Hochs und Tiefs am zweiten Playout-Wochenende

Das 1.-Liga-Herrenteam verliert das zweite Playout-Spiel in Frauenfeld mit 7:4 und rehabilitiert sich einen Tag später in Zumikon mit 3:2 im heimischen Farlifang. Für einen vorzeitigen Ligaerhalt braucht es nun zwei Siege in Serie.

Die Blau-Weissen wehren sich mit Leibeskräften gegen die Thurgauer. (Bild: zvg)
Die Blau-Weissen wehren sich mit Leibeskräften gegen die Thurgauer. (Bild: zvg)

Das Samstagsspiel startete mit einem Paukenschlag. Stefan Hauswirth setzte in der ersten Minute den Ball an die Latte. Blau-Weiss kontrollierte das Spielgeschehen und kam einige Male gefährlich vors Tor der Thurgauer. Das Score eröffneten aber die Red Lions in der 7. Minute. Bis zur 14. Minute baute der Gastgeber den Vorsprung auf vier Tore aus. Kurz vor der ersten Pause gelang Nico Nater der Treffer zum 4:1. Nach einem aus­geglichenen Mitteldrittel musste Zürisee alles in die Waagschale werfen. Jucker und Wachter verkürzten, aber die Zeit reichte nicht, um das Ruder rumzureissen.
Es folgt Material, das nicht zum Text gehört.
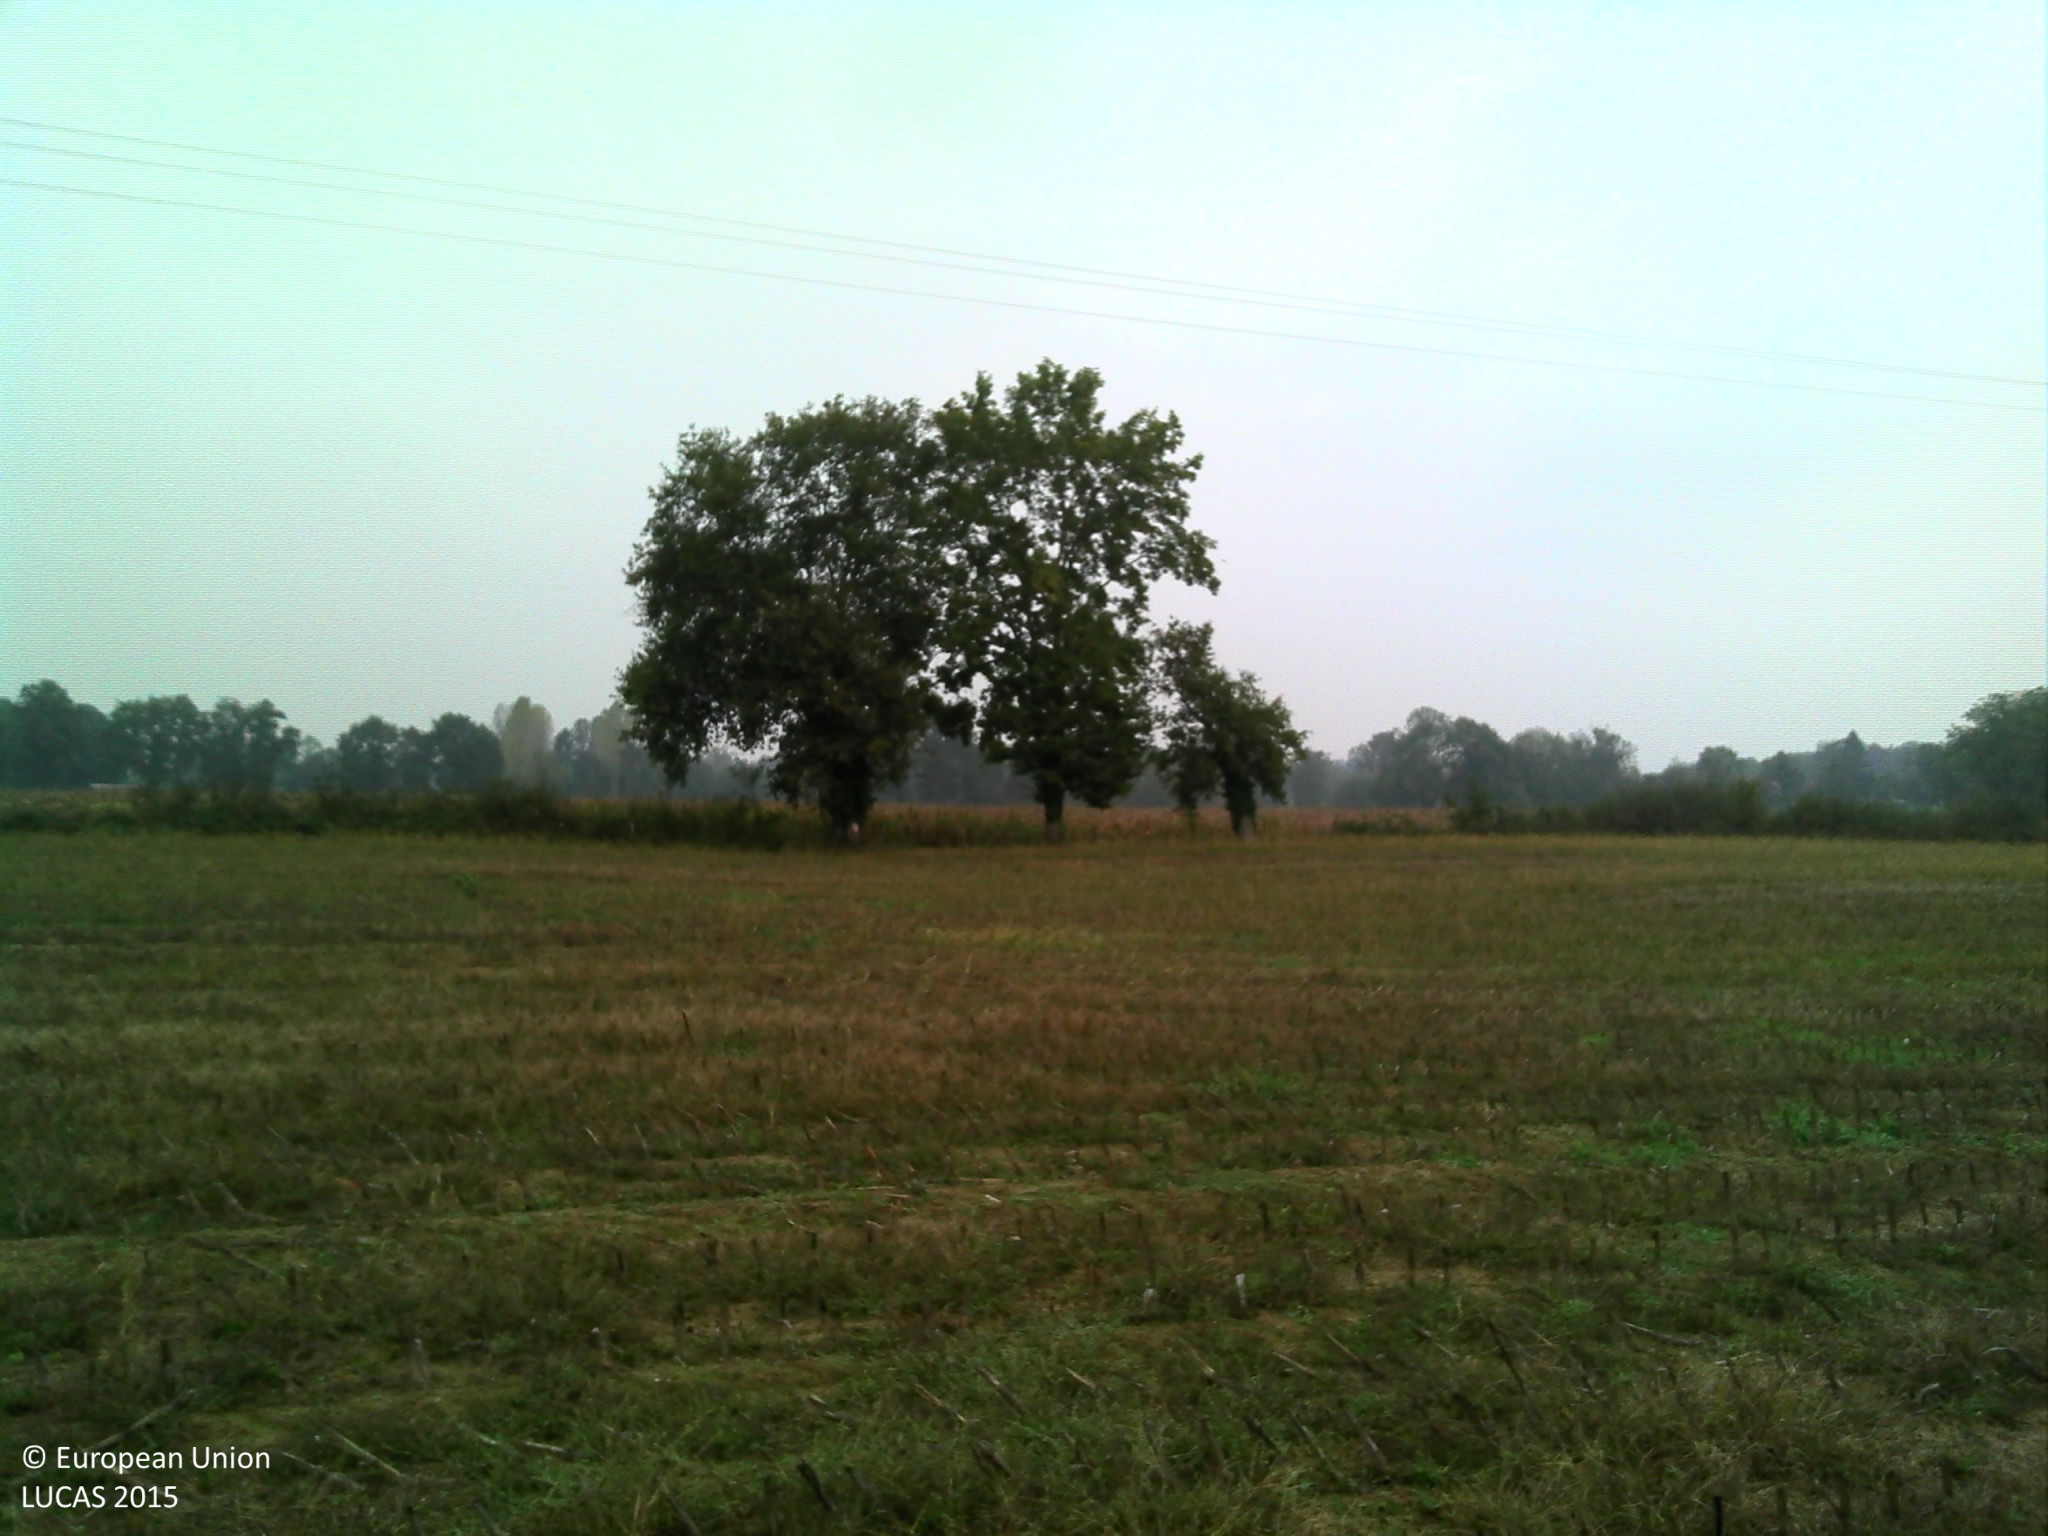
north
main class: Cropland
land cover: Maize
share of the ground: < 10 %
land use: Agriculture (excluding fallow land and kitchen gardens)
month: October
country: FR
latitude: 46.2947
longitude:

Mit dem Messer am Hals, das heisst, einer offensiveren Spielweise wollte man am Sonntag den Gegner früher unter Druck setzen und Fehler im Aufbauspiel provozieren. Doch wieder lief es den Zürchern nicht wie erhofft. Ein glücklicher Ablenker brachte die Gäste aus Frauenfeld 0:1 in Führung. Danach erspielte sich Zürisee Unihockey Chance um Chance. Doch die Bälle fanden den Weg nicht ins Tor. Kurz vor Ende des ersten Drittels brach das Sturmduo Hauswirth und Wachter den Damm. Innerhalb von zwei Minuten stellte Joël Wachter das Skore auf 3:1 und sicherte sich einen lupenreinen Hattrick. Das zweite Drittel blieb torlos. Spannend wurde es, als Maurer vier Minuten vor Schluss auf 3:2 verkürzte. Mit einem zusätzlichen Feldspieler drückten die Ostschweizer auf den Ausgleich. Mit stoischer Ruhe verwaltete die Zürisee-Truppe den knappen Vorsprung und gewann mit 3:2.

Dank diesem knappen Sieg verkürzte Zürisee Unihockey die Serie auf 1:2. Der nächste Kampf findet am 4. März in Frauenfeld statt. Sollten die Blau-Weissen erneut einen Matchball abwehren können, käme es am 6. März zum grossen Final im heimischen Farlifang.